[Saved entries]
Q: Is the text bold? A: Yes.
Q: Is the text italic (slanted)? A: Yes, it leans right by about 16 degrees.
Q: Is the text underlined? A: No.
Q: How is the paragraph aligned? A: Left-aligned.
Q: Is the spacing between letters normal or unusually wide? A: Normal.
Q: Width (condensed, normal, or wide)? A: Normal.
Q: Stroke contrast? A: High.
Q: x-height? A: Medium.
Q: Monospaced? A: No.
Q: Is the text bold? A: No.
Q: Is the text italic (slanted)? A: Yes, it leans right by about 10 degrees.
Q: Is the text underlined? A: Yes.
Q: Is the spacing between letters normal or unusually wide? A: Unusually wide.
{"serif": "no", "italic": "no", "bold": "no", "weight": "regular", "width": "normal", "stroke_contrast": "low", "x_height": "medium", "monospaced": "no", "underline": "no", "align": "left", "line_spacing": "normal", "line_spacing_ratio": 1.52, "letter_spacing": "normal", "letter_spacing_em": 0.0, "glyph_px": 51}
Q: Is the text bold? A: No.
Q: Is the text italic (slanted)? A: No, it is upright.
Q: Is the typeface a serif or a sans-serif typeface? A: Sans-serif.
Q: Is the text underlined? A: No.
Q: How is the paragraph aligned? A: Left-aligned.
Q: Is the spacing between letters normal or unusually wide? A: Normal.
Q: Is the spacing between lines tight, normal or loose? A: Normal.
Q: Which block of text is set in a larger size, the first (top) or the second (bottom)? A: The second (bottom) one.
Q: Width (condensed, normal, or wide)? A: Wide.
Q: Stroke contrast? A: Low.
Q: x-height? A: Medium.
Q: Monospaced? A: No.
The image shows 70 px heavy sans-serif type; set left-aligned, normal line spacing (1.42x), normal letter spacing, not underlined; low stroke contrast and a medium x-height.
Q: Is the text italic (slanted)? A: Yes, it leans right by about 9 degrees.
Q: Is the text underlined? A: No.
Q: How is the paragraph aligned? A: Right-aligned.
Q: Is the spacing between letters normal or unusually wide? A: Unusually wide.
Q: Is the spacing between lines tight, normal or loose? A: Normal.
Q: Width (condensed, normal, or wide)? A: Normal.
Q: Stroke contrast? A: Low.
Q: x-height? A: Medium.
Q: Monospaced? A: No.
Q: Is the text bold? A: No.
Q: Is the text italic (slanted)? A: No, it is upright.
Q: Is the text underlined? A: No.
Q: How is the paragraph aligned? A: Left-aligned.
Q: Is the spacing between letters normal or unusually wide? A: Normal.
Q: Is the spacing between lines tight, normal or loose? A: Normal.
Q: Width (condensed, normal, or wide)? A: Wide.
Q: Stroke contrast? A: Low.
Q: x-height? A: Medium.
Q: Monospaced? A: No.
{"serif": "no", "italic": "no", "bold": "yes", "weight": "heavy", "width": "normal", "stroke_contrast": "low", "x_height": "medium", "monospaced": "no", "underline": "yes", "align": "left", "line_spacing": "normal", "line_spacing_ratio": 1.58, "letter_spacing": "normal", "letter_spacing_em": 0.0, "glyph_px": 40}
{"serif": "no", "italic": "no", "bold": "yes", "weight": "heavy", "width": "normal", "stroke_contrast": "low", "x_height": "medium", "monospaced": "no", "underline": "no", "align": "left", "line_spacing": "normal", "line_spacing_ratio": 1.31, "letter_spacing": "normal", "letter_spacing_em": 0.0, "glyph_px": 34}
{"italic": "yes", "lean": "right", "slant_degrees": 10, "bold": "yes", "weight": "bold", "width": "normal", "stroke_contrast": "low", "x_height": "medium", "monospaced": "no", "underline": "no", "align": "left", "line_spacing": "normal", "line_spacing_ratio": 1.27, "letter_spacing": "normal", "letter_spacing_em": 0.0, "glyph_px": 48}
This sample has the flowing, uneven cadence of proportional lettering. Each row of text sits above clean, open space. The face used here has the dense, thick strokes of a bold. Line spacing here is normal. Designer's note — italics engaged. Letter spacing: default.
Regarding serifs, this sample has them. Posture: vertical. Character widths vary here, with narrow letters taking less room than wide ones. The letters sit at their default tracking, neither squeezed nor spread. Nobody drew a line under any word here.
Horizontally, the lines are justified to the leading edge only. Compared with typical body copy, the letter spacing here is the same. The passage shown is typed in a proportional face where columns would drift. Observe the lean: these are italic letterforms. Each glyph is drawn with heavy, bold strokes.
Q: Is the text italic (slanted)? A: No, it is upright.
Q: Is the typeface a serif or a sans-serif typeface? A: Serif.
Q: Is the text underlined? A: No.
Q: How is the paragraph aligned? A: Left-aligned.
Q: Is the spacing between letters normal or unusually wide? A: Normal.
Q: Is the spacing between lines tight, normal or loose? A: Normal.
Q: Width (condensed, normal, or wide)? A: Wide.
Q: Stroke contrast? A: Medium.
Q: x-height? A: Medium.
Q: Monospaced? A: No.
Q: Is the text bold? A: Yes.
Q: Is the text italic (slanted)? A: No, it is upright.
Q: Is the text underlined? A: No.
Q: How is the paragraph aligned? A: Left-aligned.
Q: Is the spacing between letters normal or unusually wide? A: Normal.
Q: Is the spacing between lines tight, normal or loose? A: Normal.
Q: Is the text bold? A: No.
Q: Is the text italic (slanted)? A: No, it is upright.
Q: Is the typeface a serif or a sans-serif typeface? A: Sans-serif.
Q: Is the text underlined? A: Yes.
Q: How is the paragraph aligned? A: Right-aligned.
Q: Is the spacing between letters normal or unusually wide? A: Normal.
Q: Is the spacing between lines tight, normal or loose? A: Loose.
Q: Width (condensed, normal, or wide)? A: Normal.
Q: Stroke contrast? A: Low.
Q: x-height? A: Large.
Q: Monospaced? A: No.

WHAT YOU NEED TO DO:
Write out every line of the data that holds the word "Each".

FINISHED TASK:
This sample has the flowing, uneven cadence of proportional lettering. Each row of text sits above clean, open space. The face used here has the dense, thick strokes of a bold. Line spacing here is normal. Designer's note — italics engaged. Letter spacing: default.
Horizontally, the lines are justified to the leading edge only. Compared with typical body copy, the letter spacing here is the same. The passage shown is typed in a proportional face where columns would drift. Observe the lean: these are italic letterforms. Each glyph is drawn with heavy, bold strokes.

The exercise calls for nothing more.